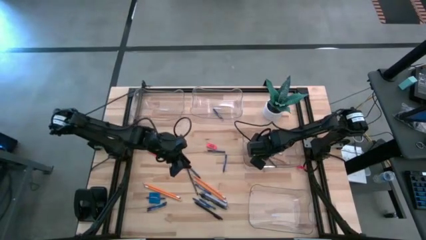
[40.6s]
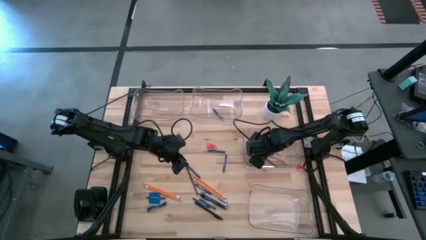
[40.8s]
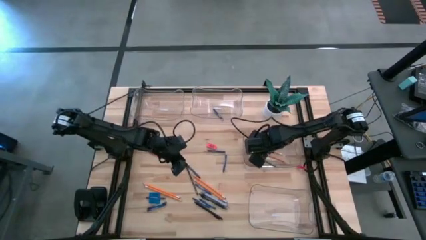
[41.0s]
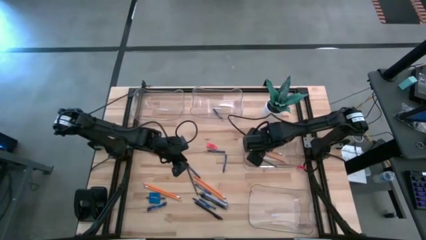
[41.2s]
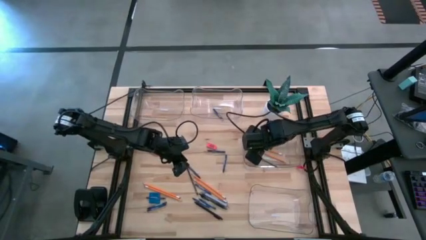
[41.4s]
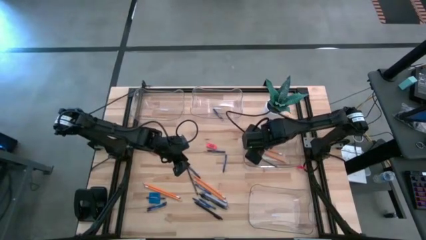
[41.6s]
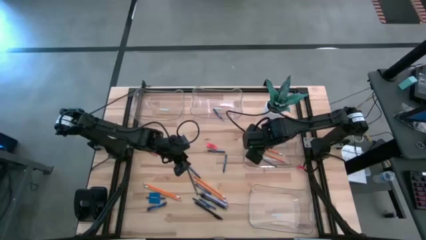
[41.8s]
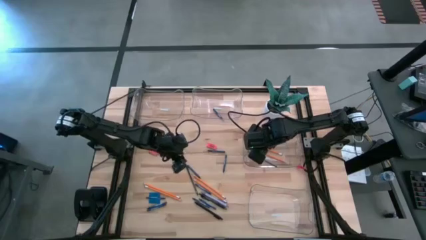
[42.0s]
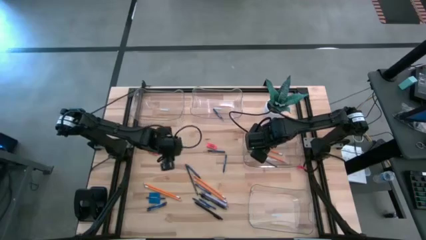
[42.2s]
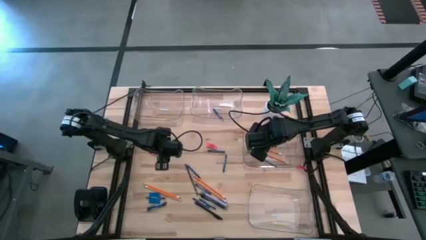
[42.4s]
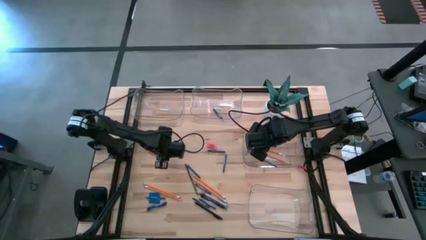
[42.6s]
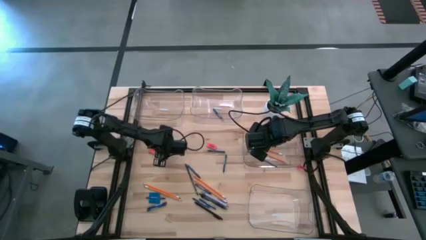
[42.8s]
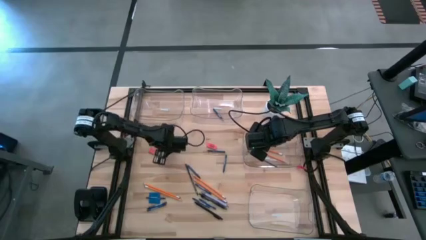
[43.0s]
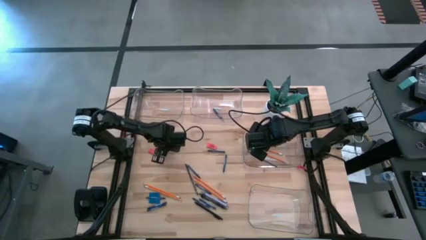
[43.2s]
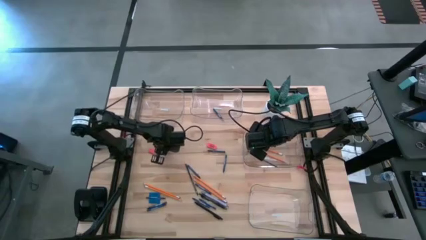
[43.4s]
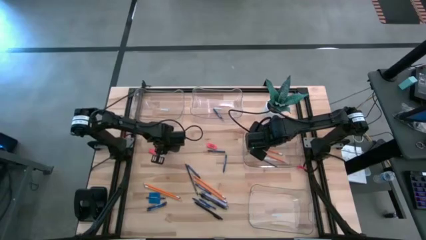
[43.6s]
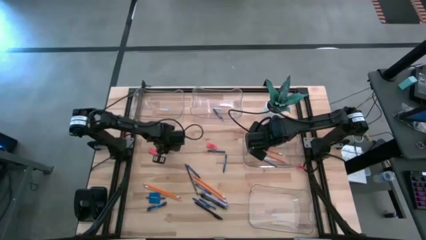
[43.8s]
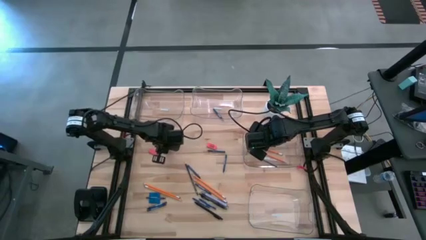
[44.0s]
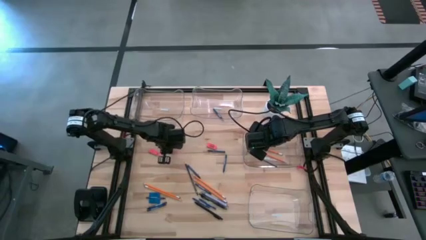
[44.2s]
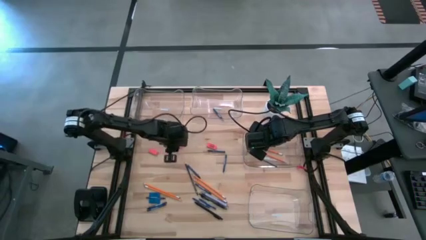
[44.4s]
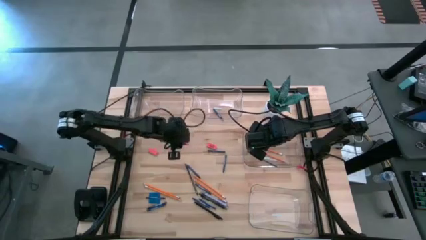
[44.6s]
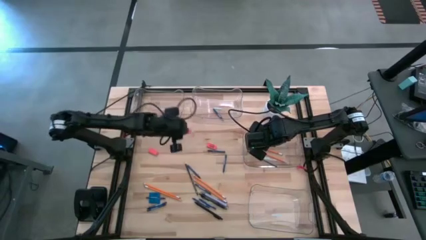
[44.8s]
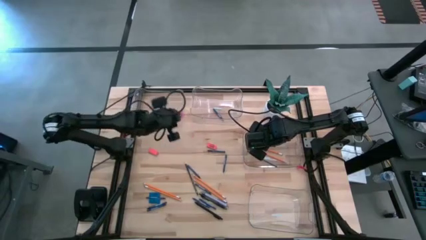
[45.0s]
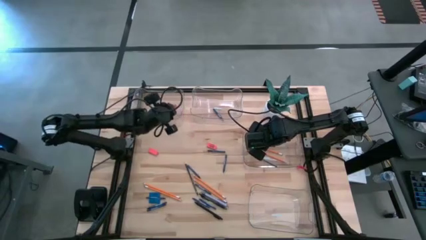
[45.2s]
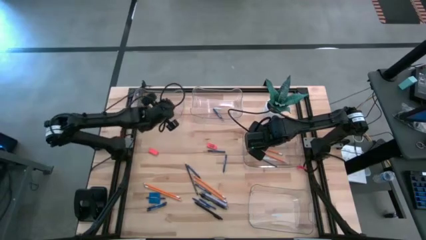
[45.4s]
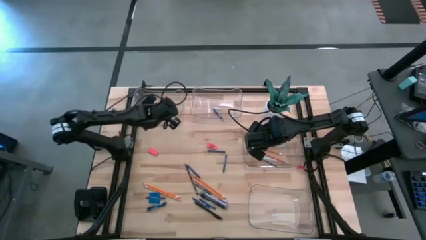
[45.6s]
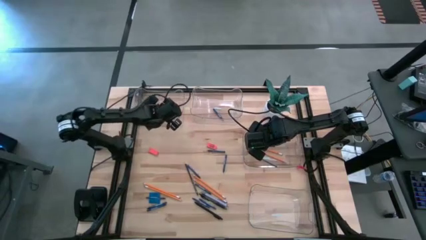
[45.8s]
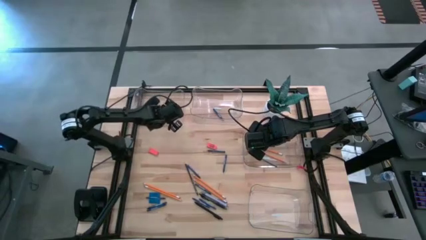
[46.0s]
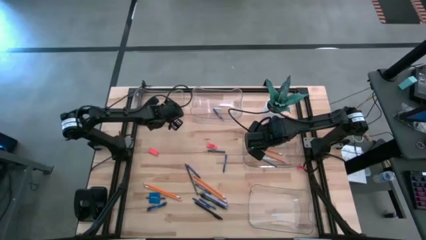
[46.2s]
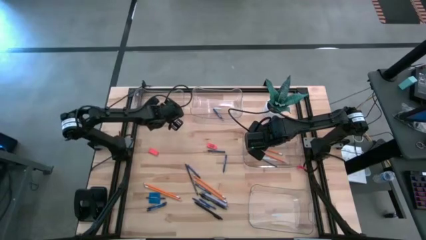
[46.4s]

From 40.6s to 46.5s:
Task: Sort crayons/erasers/pens/pencils in bins
Put the pink eraser into the top left transparent bin

● **Problem details**:
Could you copy all of the entries above exactly, without the pictures?

● **Response to this task**:
[40.6s]
[40.8s]
[41.0s]
[41.2s]
[41.4s]
[41.6s]
[41.8s]
[42.0s]
[42.2s]
[42.4s]
[42.6s]
[42.8s]
[43.0s]
[43.2s]
[43.4s]
[43.6s]
[43.8s]
[44.0s]
[44.2s]
[44.4s]
[44.6s]
[44.8s]
[45.0s]
[45.2s]
[45.4s]
[45.6s]
[45.8s]
[46.0s]
[46.2s]
[46.4s]

From 40.6s to 46.5s:
Task: Sort crayons/erasers/pens/pencils in bins
Put the pink eraser into the top left transparent bin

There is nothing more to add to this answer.